I tried this game yesterday with a couple of friends (really interesting, although I did not win, I would definitely recommend it)
here is a small piece of the game:
A player first calls out a number between 2-12,(name this variable x) then rolls two dices, (name the result y) if $y \ge x$, then player gets x number of dollars. If $y<x$, then the player only gets 2 dollars (the lowest possible value)
and if the player has completed a certain task he will also have the following ability:
After rolling two dices, the player can choose either re-roll or replace the number of one dice with the number 4
My question is what should my strategy be before and after I completed the task given that I want to maximize my revenue
Before the task, I am thinking... $$E(12)=12*{1\over36}+2*{35\over36}=2.27$$ $$E(11)=11*{3\over36}+2*{33\over36}=2.75$$ $$E(10)=10*{6\over36}+2*{30\over36}=3.33$$ $$E(9)=9*{10\over36}+2*{26\over36}=3.94$$ $$E(8)=8*{15\over36}+2*{21\over36}=4.5$$ $$E(7)=7*{21\over36}+2*{15\over36}=4.92$$ to be honest I think calling 7 is pretty good, you have like 60% chance of getting it,7 is the most common number for 2 dices, it also has the highest expected value in this case, is it a coincidence? $$E(6)=6*{26\over36}+2*{10\over36}=4.89$$ $$E(5)=5*{30\over36}+2*{6\over36}=4.5$$
After the task, its hard for me to calculate $$E(7)=7*{32\over36}+{4\over36}*(EE(7))=6.768$$ I feel like this is correct, $32\over36$ is the probability of getting at least 1 dice $\ge$ 3 when rolling two dices. $EE(7)=7*{21\over36}+2*{15\over36}=4.92$ which is the expectation for 7 when I don't have the ability to replace/re-roll
and if I was right about my calculation E(8)=7.125 and it should be the biggest expectation? This is pretty neat. I thought even though I completed the task, the expectation distribution should be the same as the previous (7 is still the most likely number? 90+?)

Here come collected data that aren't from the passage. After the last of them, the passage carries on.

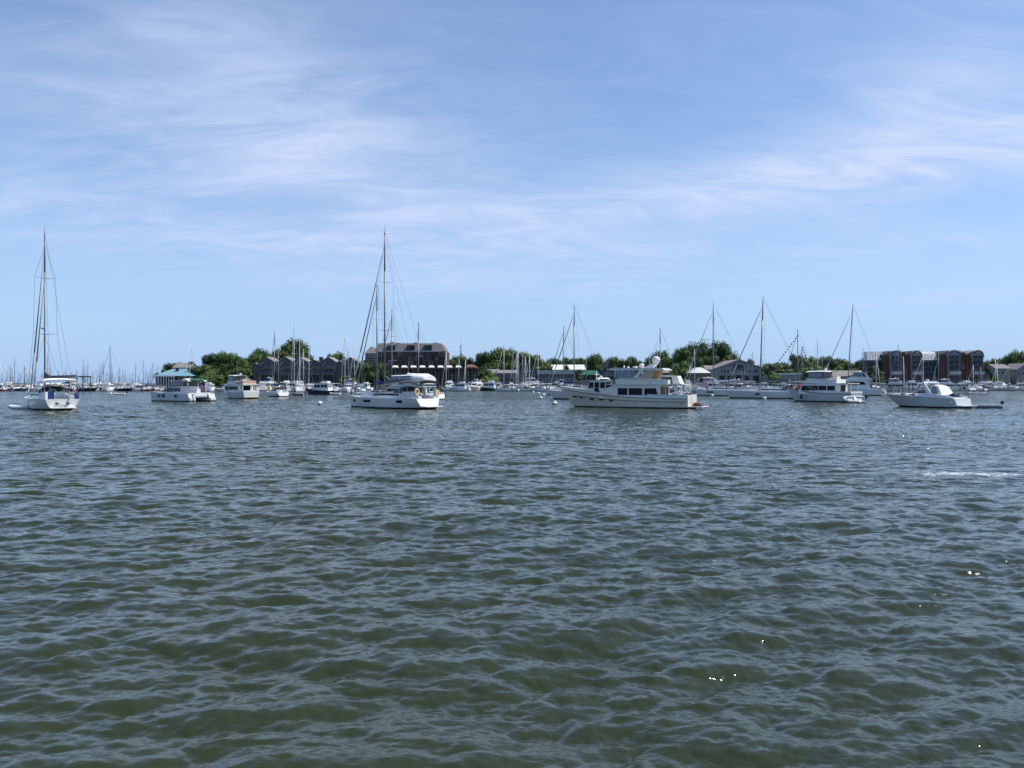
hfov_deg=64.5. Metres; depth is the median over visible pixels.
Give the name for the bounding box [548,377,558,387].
cabin boat
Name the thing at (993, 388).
sailboat
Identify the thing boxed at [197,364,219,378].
tree
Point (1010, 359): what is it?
tree
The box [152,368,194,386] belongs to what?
blue roof house
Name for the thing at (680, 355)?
tree
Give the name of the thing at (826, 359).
tree
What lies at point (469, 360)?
tree
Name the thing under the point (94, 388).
cruiser
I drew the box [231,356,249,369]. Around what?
tree
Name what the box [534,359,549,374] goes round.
tree
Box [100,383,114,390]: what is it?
cabin boat
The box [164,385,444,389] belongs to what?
seawall
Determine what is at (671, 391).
sailing yacht
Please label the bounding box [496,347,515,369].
tree
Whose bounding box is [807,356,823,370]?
tree
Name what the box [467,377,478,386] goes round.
cabin boat
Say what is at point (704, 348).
tree
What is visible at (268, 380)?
flybridge boat
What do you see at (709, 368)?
grey annex
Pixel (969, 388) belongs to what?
cruiser
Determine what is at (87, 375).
sailboat
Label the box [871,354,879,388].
sailboat
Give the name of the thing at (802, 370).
shrub
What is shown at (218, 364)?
tree
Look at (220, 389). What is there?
console boat
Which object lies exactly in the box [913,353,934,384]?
sailboat
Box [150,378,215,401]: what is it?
catamaran
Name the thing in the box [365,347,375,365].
hotel wing
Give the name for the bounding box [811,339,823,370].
sailboat
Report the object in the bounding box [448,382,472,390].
cabin boat
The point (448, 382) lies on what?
cabin boat
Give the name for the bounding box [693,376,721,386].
flybridge boat
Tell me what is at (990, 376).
tree
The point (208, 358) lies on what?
tree
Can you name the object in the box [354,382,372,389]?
cabin boat
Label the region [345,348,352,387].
sailboat
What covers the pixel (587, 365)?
tree
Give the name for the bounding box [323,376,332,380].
window
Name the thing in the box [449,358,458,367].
tree
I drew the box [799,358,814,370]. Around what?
tree
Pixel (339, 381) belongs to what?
tree
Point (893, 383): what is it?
flybridge boat
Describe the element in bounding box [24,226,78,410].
sailing yacht
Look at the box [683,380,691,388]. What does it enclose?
cabin boat
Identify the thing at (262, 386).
cabin boat
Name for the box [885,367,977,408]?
express cruiser
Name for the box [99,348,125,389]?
sailboat
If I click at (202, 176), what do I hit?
sky
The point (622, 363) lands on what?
tree
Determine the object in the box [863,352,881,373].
condominium wing
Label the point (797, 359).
sailing yacht
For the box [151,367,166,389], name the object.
sailboat
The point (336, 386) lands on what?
ground
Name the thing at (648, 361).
tree
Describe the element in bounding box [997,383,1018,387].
cruiser
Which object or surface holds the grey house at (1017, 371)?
on the ground
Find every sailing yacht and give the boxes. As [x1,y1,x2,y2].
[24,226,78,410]
[267,331,288,396]
[348,229,442,409]
[355,284,402,395]
[373,309,411,389]
[407,322,444,399]
[545,325,585,394]
[547,306,602,398]
[658,331,685,393]
[681,303,755,395]
[724,296,804,398]
[771,329,811,387]
[826,306,886,393]
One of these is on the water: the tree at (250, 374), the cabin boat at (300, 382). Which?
the cabin boat at (300, 382)
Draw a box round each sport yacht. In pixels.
[469,379,481,390]
[846,371,885,395]
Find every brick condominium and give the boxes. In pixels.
[880,350,901,383]
[903,350,922,382]
[933,350,960,383]
[961,350,984,381]
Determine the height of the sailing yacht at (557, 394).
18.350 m
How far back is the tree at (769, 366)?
377.55 m
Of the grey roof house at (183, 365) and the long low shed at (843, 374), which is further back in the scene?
the grey roof house at (183, 365)
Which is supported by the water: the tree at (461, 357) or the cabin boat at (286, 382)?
the cabin boat at (286, 382)
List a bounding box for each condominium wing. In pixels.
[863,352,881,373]
[918,352,937,384]
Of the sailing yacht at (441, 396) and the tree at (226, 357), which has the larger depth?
the tree at (226, 357)
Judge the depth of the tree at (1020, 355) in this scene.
393.65 m
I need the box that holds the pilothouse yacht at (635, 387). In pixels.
[560,350,708,408]
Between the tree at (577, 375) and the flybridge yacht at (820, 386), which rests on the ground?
the tree at (577, 375)
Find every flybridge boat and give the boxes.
[264,377,277,390]
[340,379,355,387]
[517,377,543,386]
[558,380,567,387]
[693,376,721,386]
[730,379,736,386]
[879,378,907,390]
[933,377,958,390]
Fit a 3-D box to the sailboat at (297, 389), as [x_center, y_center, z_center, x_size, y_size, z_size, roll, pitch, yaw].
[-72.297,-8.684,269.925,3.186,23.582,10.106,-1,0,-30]
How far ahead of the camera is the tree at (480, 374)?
348.11 m
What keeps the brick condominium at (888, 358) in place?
on the ground
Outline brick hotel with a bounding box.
[377,342,448,373]
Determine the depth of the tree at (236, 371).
348.74 m
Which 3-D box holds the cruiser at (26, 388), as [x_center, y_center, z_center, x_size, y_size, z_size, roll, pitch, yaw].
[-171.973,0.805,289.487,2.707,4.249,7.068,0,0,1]
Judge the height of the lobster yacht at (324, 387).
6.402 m
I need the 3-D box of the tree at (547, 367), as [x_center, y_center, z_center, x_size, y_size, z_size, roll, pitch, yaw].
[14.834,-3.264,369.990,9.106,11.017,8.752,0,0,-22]
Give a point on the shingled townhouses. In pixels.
(328, 368)
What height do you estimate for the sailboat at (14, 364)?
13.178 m
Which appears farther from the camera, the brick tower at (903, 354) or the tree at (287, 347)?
the tree at (287, 347)
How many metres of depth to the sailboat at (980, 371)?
309.21 m
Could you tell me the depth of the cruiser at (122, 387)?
285.61 m
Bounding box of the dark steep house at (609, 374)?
[600,362,615,379]
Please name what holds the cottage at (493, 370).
on the ground
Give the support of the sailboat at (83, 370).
on the water
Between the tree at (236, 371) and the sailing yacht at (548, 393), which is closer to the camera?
the sailing yacht at (548, 393)
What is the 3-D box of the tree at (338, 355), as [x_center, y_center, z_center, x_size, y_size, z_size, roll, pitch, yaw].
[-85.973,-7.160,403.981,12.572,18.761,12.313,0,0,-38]
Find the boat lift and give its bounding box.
[69,376,91,390]
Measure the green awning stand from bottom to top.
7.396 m
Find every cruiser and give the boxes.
[7,386,24,390]
[21,384,32,390]
[77,386,99,390]
[114,384,133,390]
[520,381,528,387]
[568,366,609,388]
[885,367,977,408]
[959,385,975,390]
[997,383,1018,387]
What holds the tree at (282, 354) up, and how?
on the ground
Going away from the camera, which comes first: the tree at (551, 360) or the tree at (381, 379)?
the tree at (381, 379)
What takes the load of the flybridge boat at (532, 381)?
on the water
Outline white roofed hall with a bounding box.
[551,365,585,371]
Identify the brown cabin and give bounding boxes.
[661,370,669,379]
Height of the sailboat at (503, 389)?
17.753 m
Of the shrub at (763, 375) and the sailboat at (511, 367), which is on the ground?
the shrub at (763, 375)
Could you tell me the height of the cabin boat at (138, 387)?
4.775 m
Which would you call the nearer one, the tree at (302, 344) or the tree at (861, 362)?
the tree at (861, 362)
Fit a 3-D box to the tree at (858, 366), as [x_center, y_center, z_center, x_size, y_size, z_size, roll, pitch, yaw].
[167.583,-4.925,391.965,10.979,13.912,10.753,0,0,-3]
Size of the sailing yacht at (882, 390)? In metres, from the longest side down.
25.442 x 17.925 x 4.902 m
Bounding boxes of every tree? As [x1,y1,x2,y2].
[162,362,180,369]
[187,366,207,378]
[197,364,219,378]
[197,376,209,385]
[200,352,216,368]
[203,377,215,385]
[205,350,237,374]
[213,374,225,386]
[218,352,237,375]
[220,371,233,385]
[228,367,249,378]
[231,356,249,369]
[241,363,252,380]
[245,351,262,372]
[251,347,267,362]
[262,353,275,357]
[272,349,290,359]
[279,340,297,357]
[287,338,310,356]
[296,346,309,357]
[332,351,344,359]
[336,375,351,384]
[352,362,371,384]
[361,364,379,385]
[371,361,387,385]
[378,370,390,385]
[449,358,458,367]
[452,354,466,367]
[461,357,474,365]
[475,351,494,371]
[476,370,485,380]
[478,368,491,379]
[481,348,507,369]
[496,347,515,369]
[504,350,520,369]
[512,351,531,369]
[522,354,541,369]
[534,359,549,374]
[535,365,551,379]
[545,357,560,364]
[561,357,577,364]
[573,369,587,380]
[575,357,585,364]
[583,359,590,369]
[586,353,601,379]
[594,358,603,379]
[603,356,619,378]
[617,358,626,367]
[624,356,637,367]
[642,356,655,371]
[650,350,669,367]
[661,356,670,368]
[665,346,692,368]
[675,341,703,359]
[686,356,704,368]
[695,339,717,359]
[701,354,719,364]
[708,340,732,362]
[719,345,738,361]
[719,354,732,361]
[761,363,777,377]
[774,362,783,372]
[777,361,792,370]
[779,368,795,372]
[788,353,805,372]
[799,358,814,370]
[801,369,810,380]
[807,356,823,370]
[815,355,832,369]
[826,357,843,369]
[838,359,852,369]
[844,363,857,368]
[854,359,862,369]
[856,357,863,369]
[863,365,879,384]
[872,370,885,384]
[983,359,990,366]
[983,367,992,379]
[984,357,1002,363]
[1001,353,1018,364]
[1003,349,1023,362]
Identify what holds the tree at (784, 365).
on the ground
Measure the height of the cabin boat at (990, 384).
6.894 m
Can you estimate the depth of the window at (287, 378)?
355.92 m
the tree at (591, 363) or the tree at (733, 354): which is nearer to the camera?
the tree at (733, 354)
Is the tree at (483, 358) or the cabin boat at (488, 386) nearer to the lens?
the cabin boat at (488, 386)
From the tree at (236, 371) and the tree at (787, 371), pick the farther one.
the tree at (787, 371)
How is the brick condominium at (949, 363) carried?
on the ground
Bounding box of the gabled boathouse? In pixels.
[714,359,762,385]
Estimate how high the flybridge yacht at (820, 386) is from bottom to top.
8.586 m
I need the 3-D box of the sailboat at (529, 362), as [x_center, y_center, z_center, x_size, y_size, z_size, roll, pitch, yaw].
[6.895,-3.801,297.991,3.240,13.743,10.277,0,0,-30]
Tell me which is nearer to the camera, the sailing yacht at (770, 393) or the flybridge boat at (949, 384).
the sailing yacht at (770, 393)
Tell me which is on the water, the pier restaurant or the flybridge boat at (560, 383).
the flybridge boat at (560, 383)
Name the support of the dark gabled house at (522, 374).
on the ground
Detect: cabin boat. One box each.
[34,384,42,390]
[78,382,86,387]
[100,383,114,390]
[132,384,146,390]
[205,382,214,391]
[258,381,266,390]
[280,381,289,387]
[296,376,303,387]
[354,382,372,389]
[445,381,453,386]
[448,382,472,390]
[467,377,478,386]
[480,381,499,390]
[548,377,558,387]
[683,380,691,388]
[743,375,751,388]
[903,380,917,388]
[954,382,965,390]
[963,380,980,386]
[982,381,1003,387]
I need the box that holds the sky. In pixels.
[0,0,1023,382]
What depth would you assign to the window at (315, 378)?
355.92 m
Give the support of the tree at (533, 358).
on the ground
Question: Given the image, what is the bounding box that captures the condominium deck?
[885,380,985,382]
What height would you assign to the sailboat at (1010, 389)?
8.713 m
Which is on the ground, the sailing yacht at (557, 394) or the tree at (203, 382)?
the tree at (203, 382)
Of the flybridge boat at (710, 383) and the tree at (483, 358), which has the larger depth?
the tree at (483, 358)
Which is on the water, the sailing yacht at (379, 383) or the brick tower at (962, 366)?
the sailing yacht at (379, 383)
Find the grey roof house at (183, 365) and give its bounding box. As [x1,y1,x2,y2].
[172,362,196,368]
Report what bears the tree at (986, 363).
on the ground
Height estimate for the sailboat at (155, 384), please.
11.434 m
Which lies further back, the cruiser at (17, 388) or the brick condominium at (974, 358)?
the brick condominium at (974, 358)
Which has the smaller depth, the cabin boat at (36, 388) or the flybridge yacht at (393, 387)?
the flybridge yacht at (393, 387)
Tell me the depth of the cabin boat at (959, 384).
301.85 m
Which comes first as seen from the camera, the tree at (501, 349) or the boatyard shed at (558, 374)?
the boatyard shed at (558, 374)
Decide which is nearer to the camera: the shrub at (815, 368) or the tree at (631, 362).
the shrub at (815, 368)
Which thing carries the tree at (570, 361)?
on the ground
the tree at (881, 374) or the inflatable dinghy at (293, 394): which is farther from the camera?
the tree at (881, 374)
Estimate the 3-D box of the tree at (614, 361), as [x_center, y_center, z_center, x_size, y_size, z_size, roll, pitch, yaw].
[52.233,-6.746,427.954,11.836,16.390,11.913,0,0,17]
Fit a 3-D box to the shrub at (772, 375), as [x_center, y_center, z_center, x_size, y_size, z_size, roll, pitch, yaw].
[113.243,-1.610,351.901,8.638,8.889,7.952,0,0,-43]
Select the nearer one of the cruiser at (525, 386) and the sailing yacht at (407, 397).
the sailing yacht at (407, 397)
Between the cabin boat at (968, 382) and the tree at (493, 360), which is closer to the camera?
the cabin boat at (968, 382)
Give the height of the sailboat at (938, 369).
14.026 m
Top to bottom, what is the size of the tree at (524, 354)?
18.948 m
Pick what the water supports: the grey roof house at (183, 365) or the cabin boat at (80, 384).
the cabin boat at (80, 384)
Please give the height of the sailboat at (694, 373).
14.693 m
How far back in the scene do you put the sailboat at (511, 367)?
295.08 m
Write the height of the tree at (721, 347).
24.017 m
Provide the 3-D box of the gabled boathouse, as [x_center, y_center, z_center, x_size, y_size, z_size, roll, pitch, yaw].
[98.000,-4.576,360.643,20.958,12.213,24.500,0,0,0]
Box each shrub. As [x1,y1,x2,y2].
[477,376,494,382]
[488,372,499,381]
[669,362,682,379]
[676,359,692,381]
[756,372,768,384]
[768,370,780,386]
[798,367,806,384]
[811,365,828,370]
[833,365,843,369]
[990,376,1003,381]
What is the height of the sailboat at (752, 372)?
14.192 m
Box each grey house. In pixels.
[497,370,517,386]
[984,364,1011,383]
[1007,363,1023,383]
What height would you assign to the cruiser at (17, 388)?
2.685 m
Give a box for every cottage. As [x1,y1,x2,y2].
[487,369,498,376]
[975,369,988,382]
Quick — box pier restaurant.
[387,364,478,386]
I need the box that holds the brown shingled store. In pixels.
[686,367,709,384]
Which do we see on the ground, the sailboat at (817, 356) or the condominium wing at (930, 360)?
the condominium wing at (930, 360)
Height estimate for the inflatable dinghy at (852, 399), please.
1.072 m
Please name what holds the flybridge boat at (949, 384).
on the water
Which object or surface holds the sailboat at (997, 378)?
on the water
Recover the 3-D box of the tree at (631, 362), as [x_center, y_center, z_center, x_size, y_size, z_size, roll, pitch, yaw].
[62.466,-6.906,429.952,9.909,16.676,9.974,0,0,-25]
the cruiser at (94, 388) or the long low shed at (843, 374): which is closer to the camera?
the cruiser at (94, 388)
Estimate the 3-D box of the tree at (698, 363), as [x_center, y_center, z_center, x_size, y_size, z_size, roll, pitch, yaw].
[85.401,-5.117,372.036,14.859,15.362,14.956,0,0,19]
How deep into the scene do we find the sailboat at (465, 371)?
301.22 m
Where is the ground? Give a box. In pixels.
[215,383,537,386]
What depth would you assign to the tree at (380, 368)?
352.34 m
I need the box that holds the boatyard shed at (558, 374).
[537,370,573,385]
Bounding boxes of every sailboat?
[0,362,8,387]
[9,357,22,385]
[18,367,30,385]
[81,359,85,382]
[83,363,93,385]
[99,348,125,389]
[131,362,140,384]
[147,364,163,390]
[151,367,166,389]
[271,353,290,390]
[290,327,302,391]
[295,349,311,387]
[296,338,304,390]
[340,338,353,391]
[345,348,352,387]
[348,352,365,390]
[442,353,453,390]
[463,359,467,383]
[493,346,518,390]
[509,348,530,390]
[510,346,518,387]
[523,357,531,383]
[526,355,536,387]
[528,349,552,391]
[687,349,701,388]
[743,352,764,386]
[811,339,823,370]
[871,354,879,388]
[901,357,906,382]
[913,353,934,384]
[931,355,941,384]
[968,365,987,390]
[977,367,982,387]
[988,359,999,390]
[992,362,1007,387]
[996,370,1023,390]
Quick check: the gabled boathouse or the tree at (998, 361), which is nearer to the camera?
the gabled boathouse
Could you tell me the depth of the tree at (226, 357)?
373.51 m
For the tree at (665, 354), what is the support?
on the ground
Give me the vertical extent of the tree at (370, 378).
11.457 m
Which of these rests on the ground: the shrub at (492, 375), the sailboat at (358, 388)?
the shrub at (492, 375)
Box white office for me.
[775,373,801,384]
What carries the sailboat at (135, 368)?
on the water
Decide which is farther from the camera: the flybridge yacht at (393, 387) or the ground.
the ground
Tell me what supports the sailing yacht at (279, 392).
on the water
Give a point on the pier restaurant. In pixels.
(471, 372)
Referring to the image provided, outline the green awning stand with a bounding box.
[580,370,600,385]
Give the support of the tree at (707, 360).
on the ground
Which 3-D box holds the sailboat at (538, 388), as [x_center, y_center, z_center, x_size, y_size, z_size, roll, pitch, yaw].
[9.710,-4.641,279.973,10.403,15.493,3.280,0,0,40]
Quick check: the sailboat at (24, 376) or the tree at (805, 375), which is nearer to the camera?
the sailboat at (24, 376)
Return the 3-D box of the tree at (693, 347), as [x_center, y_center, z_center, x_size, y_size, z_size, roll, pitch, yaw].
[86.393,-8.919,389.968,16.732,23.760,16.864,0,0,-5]
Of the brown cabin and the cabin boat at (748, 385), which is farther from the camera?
the brown cabin
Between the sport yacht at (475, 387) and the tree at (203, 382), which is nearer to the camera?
the sport yacht at (475, 387)
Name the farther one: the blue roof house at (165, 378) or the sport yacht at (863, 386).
the blue roof house at (165, 378)
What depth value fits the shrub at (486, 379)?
343.88 m
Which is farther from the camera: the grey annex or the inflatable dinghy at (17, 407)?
the grey annex
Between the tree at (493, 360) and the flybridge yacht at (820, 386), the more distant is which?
the tree at (493, 360)
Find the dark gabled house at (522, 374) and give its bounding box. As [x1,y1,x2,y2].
[517,366,536,384]
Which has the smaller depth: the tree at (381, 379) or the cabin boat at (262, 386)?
the cabin boat at (262, 386)
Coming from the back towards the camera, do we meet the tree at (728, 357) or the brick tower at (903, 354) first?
the tree at (728, 357)
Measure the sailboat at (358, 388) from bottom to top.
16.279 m
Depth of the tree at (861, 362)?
389.04 m
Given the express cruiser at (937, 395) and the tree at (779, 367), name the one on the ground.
the tree at (779, 367)
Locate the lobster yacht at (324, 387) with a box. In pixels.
[305,377,339,394]
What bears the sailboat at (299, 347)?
on the water
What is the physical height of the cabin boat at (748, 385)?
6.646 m
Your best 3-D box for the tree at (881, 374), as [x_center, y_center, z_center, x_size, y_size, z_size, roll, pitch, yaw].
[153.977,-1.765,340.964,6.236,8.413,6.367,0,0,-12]
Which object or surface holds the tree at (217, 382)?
on the ground
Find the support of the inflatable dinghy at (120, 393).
on the water
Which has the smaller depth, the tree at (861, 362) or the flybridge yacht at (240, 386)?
the flybridge yacht at (240, 386)
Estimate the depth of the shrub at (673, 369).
357.92 m
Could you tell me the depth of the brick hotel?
371.98 m
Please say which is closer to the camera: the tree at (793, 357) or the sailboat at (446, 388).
the sailboat at (446, 388)
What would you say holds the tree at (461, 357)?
on the ground
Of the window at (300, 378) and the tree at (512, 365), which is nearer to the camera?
the window at (300, 378)
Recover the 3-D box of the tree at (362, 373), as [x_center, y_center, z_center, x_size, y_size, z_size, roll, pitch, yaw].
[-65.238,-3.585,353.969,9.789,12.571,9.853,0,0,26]
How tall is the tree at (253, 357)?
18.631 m
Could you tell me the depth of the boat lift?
280.75 m
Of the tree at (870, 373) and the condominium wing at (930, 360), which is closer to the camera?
the tree at (870, 373)
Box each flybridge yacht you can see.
[224,373,259,398]
[381,364,437,397]
[788,368,862,402]
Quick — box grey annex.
[702,365,716,378]
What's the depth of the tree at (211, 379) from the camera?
347.28 m
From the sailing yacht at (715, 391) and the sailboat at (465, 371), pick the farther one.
the sailboat at (465, 371)
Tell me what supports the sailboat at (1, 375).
on the water
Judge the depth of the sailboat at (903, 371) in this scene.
304.29 m
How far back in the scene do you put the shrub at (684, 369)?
358.07 m
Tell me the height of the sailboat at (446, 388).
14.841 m
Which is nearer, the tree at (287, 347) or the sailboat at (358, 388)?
the sailboat at (358, 388)
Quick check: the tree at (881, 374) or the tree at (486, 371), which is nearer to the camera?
the tree at (881, 374)
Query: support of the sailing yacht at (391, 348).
on the water
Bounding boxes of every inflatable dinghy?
[8,405,28,409]
[113,392,127,394]
[292,392,305,395]
[843,396,867,402]
[971,401,1003,407]
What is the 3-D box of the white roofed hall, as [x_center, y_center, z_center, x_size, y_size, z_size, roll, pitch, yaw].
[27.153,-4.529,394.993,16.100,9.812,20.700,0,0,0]
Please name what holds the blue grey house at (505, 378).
on the ground
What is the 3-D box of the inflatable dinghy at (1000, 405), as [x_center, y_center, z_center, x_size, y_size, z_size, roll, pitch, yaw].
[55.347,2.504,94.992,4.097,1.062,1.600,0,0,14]
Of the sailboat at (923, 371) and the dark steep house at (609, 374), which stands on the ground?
the dark steep house at (609, 374)
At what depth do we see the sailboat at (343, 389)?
261.44 m
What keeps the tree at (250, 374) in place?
on the ground
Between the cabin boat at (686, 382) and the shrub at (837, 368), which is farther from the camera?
the shrub at (837, 368)
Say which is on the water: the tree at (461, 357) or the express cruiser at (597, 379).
the express cruiser at (597, 379)
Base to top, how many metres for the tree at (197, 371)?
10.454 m
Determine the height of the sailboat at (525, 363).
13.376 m
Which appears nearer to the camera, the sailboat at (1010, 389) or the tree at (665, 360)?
the sailboat at (1010, 389)
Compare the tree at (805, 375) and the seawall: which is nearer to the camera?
the seawall
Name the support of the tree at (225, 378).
on the ground
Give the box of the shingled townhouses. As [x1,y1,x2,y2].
[252,357,364,385]
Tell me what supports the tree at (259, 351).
on the ground
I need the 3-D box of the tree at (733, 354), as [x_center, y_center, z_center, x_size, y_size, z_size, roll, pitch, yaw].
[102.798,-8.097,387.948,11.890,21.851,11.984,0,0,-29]
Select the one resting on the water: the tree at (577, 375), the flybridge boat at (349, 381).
the flybridge boat at (349, 381)
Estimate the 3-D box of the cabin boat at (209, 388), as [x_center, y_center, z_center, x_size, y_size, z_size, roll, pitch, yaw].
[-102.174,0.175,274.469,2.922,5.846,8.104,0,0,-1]
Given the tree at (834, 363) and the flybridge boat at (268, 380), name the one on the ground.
the tree at (834, 363)
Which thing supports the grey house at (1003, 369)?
on the ground
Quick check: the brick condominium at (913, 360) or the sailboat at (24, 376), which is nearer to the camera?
the sailboat at (24, 376)
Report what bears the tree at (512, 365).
on the ground
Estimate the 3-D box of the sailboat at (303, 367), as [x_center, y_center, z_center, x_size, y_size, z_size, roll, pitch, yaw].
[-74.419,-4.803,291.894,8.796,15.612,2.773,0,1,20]
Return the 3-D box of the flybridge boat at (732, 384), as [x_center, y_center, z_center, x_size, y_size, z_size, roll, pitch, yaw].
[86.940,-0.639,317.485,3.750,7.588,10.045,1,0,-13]
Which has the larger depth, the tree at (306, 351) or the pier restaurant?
the tree at (306, 351)
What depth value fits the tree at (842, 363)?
393.08 m
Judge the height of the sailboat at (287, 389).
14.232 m
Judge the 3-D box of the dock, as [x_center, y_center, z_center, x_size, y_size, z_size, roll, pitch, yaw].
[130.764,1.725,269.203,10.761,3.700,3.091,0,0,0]
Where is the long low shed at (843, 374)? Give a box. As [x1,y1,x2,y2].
[826,370,863,378]
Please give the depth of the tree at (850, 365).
391.02 m
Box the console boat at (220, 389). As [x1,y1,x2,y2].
[216,385,224,390]
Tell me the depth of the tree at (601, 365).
427.27 m
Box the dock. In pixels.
[888,384,923,391]
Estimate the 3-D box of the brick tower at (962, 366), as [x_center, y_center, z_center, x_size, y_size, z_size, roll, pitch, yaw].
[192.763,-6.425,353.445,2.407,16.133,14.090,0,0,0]
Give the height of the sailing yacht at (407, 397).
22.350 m
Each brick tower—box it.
[897,350,904,381]
[955,350,965,381]
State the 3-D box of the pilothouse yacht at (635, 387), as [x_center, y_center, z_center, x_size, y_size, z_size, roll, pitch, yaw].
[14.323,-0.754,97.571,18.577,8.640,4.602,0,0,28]
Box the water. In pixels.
[0,383,1023,767]
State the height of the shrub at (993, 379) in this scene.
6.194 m
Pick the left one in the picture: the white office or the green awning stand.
the green awning stand
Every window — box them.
[280,376,289,380]
[295,376,304,380]
[309,376,318,380]
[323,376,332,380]
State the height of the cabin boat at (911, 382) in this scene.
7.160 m
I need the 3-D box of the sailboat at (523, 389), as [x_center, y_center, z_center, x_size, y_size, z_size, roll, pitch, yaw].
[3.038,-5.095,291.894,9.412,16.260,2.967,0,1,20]
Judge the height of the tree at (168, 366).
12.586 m
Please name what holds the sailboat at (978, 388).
on the water
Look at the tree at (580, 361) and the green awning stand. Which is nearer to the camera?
the green awning stand
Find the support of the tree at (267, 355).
on the ground

now what should my strategy be? completing the task is going to cost me some time...well it raised my lower bound by a lot(previous 2, now 5:4+anything) but if I just call out 8 every time... I am getting 1+ compare to calling 7 every time(even though the expected value is differ by 2.2, still not much) How should I estimate the cost of getting the task done?
can someone check my answers? and answer my doubts? great thanks...I need my revenge :)
Your calculation before the task looks correct. It is not automatic that you should call the most probable number, that will depend on the probability distribution. An informal way to find the right number to call is to compare calling $x$ with calling $x-1$. You win some amount on average by calling $x$. If you call $x-1$ you lose $1$ if the roll is $x$ or above and gain $x-3$ if the roll is $x-1$. The net is $(x-3)P(x-1)-P(\ge x)$ If you start with $x=12$ you should keep lowering it until this goes negative.
Assuming your only option after the task is to replace one of the two dice with a $4$, you can compute the chance of each result: $$\begin {array} {c c c c c c c c c c c}2&3&4&5&6&7&8&9&10&11&12\\0&0&0&\frac 1{36}&\frac 3{36}&\frac 5{36}&\frac 7{36}&\frac 8{36}&\frac {9}{36}&\frac 2{36}&\frac 1{36} \end{array}$$ where the chance of $10$ comes from rolls of $61,62,63,64,55,46,36,26,16$ and repeat your calculation. I would guess you should call $8$ or $9$.
If a reroll is both dice, you should reroll any number less than the number you call. You can then compute the chance of success for each number. For example, if you call $9$, your chance of success is $1-(1-\frac {10}{36})^2$ You can compute the chance of success for each number you might call and the expected payoff for each call.